Once trained, your LLM must serve predictions efficiently. Raw autoregressive generation is slow because it recalculates attention matrices at every step. Optimizing Inference Store the Key ( ) and Value (
Practical examples of this phase can be found in notebook tutorials and hands-on workshops, where you can write a simple tokenizer yourself.
A pretrained LLM is a generalist. To make it useful for specific tasks, you'll need to it. As shown in detailed book chapters, this involves adapting your pretrained model to new, task-specific datasets. Fine-tuning can be divided into the following progressive stages:
A position-wise non-linear mapping that applies linear transformations and activation functions (such as SwiGLU ) to further process token representations. 2. Text Preprocessing and Tokenization build a large language model from scratch pdf
This is surprisingly tedious. The PDF will include a reference implementation that trains a tokenizer on the TinyStories dataset (a corpus of simple English stories for benchmarking small LLMs).

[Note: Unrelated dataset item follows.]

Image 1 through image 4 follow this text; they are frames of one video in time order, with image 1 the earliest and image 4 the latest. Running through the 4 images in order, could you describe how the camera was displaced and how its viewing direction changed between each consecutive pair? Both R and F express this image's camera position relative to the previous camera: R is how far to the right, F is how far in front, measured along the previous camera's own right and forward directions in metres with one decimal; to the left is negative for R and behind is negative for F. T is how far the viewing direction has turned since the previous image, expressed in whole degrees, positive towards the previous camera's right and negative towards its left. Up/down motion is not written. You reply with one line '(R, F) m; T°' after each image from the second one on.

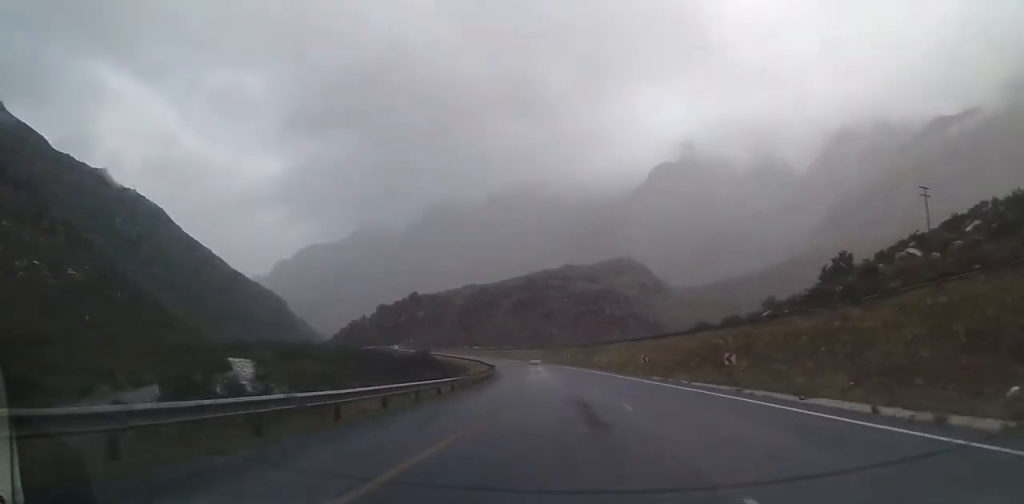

AdamW with decoupled weight decay to prevent overfitting.
Gathering datasets (e.g., Common Crawl, Wikipedia, books). Once trained, your LLM must serve predictions efficiently
Pre-training is the most computationally intensive phase. It relies on the objective: predicting the next token given all previous tokens. Optimization Configurations Optimizer: Use AdamW with decoupled weight decay.
12×layersthe fraction with numerator 1 and denominator the square root of 2 cross layers end-root end-fraction for residual layers to prevent exploding gradients.
Source data from diverse corpora such as Wikipedia, open-source code repositories, academic papers, and filtered web crawls (e.g., Common Crawl). A pretrained LLM is a generalist
Use bfloat16 to drastically reduce memory usage and speed up matrix multiplications while avoiding underflow issues common with float16 .
: Use Root Mean Square Normalization (RMSNorm) placed before the attention and feed-forward blocks (Pre-LN). This stabilizes gradient flow through deep networks.
Convert model weights from 16-bit floating points to lower precision formats like INT8 or INT4 using frameworks like AWQ, GPTQ, or bitsandbytes, allowing models to run on consumer hardware.